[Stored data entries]
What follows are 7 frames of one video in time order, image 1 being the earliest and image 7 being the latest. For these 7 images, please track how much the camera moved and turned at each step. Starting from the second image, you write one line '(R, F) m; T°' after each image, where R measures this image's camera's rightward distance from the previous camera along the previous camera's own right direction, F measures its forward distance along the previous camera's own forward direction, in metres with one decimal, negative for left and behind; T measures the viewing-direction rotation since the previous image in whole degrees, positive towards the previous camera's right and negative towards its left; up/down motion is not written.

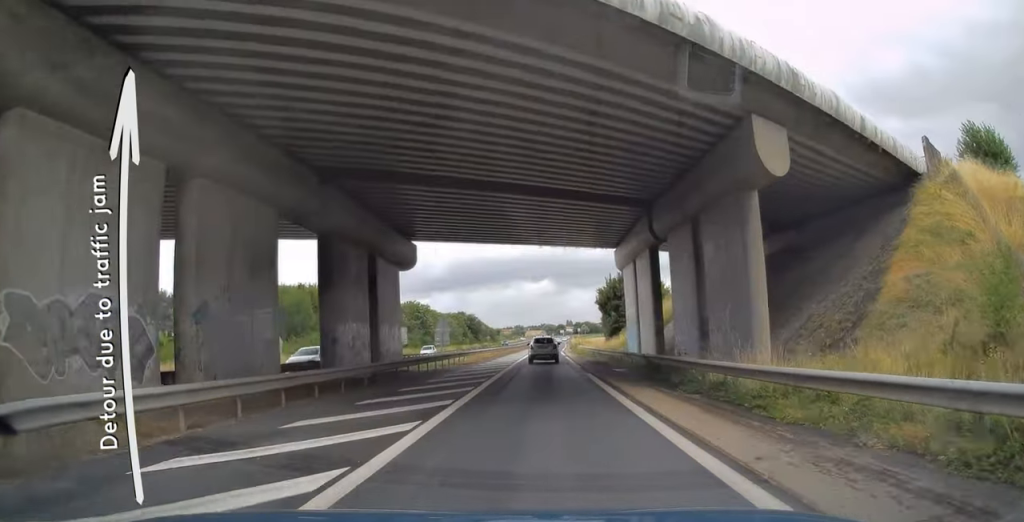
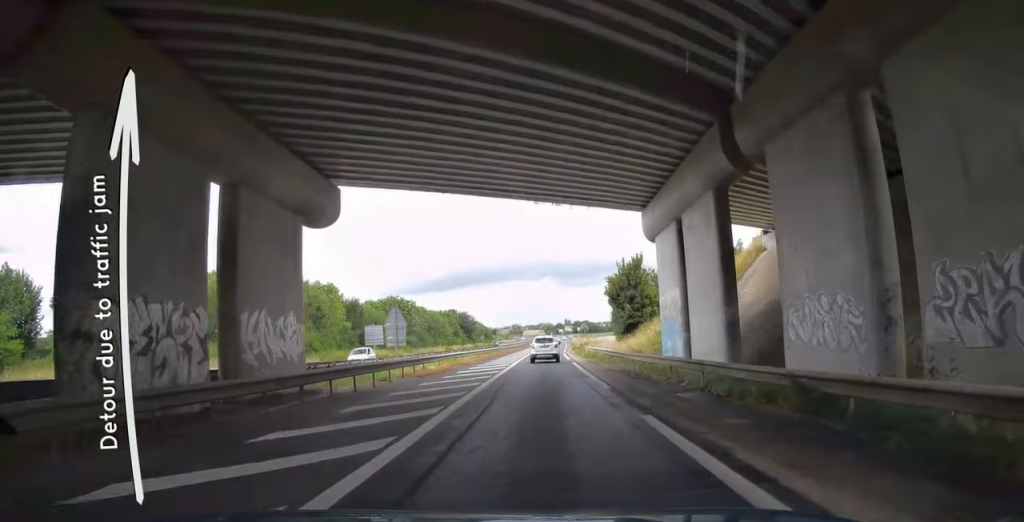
(0.0, +13.1) m; 0°
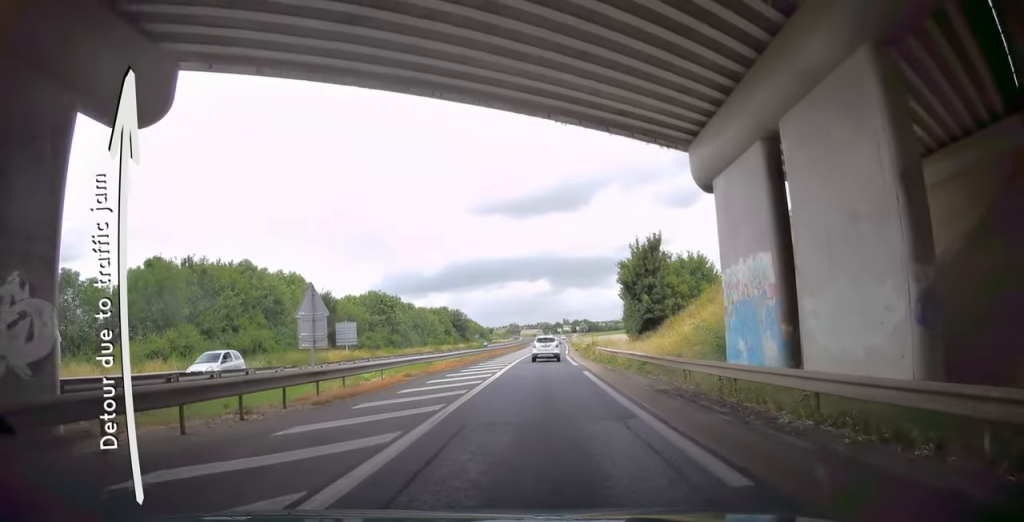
(0.0, +10.8) m; 0°
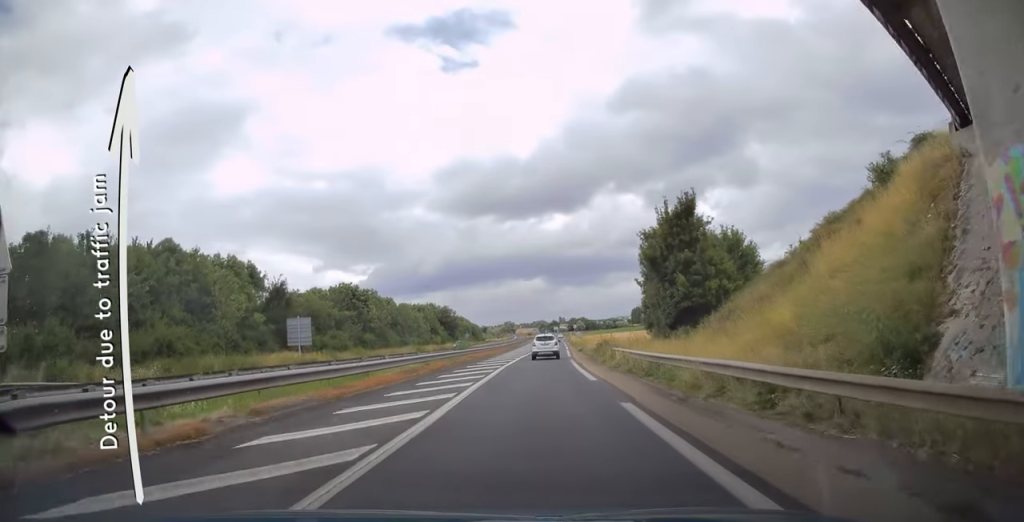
(0.0, +12.5) m; +1°
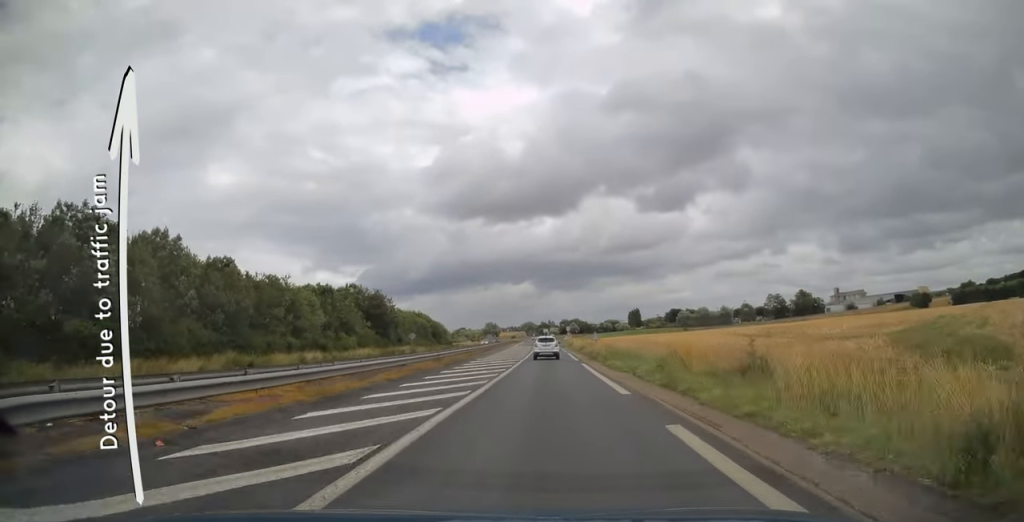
(+0.5, +53.6) m; -1°
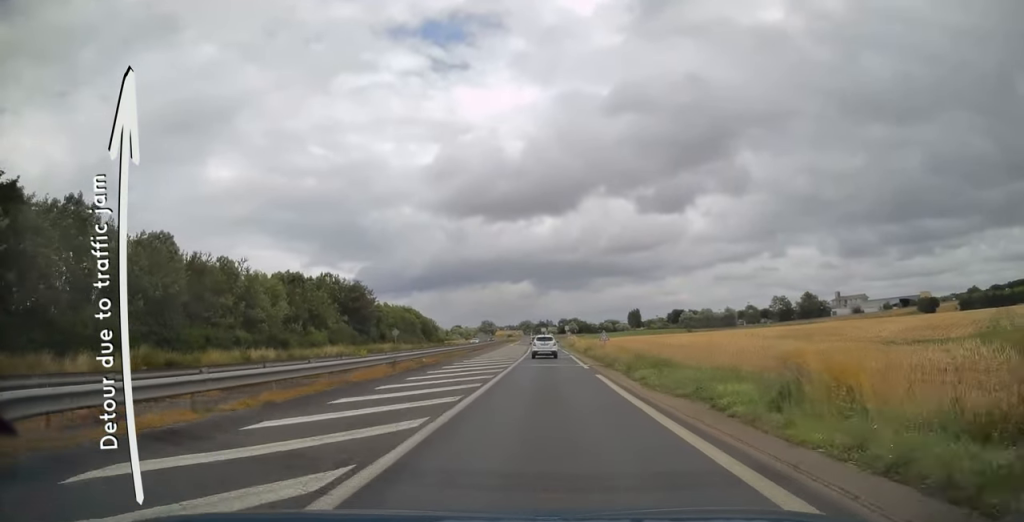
(-0.2, +10.5) m; +1°
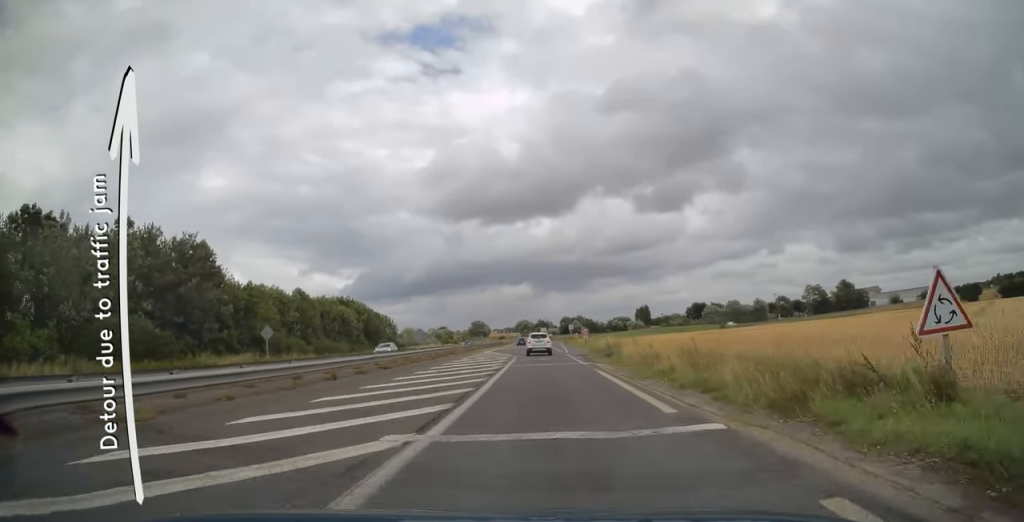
(+1.9, +45.6) m; +2°

■ Description of the task ■
Transcribe every record above exactly, leaving out the pictures.

■ Exercise output ■
What follows are 7 frames of one video in time order, image 1 being the earliest and image 7 being the latest. For these 7 images, please track how much the camera moved and turned at each step. Starting from the second image, you write one line '(R, F) m; T°' after each image, where R measures this image's camera's rightward distance from the previous camera along the previous camera's own right direction, F measures its forward distance along the previous camera's own forward direction, in metres with one decimal, negative for left and behind; T measures the viewing-direction rotation since the previous image in whole degrees, positive towards the previous camera's right and negative towards its left; up/down motion is not written.

(0.0, +13.1) m; 0°
(0.0, +10.8) m; 0°
(0.0, +12.5) m; +1°
(+0.5, +53.6) m; -1°
(-0.2, +10.5) m; +1°
(+1.9, +45.6) m; +2°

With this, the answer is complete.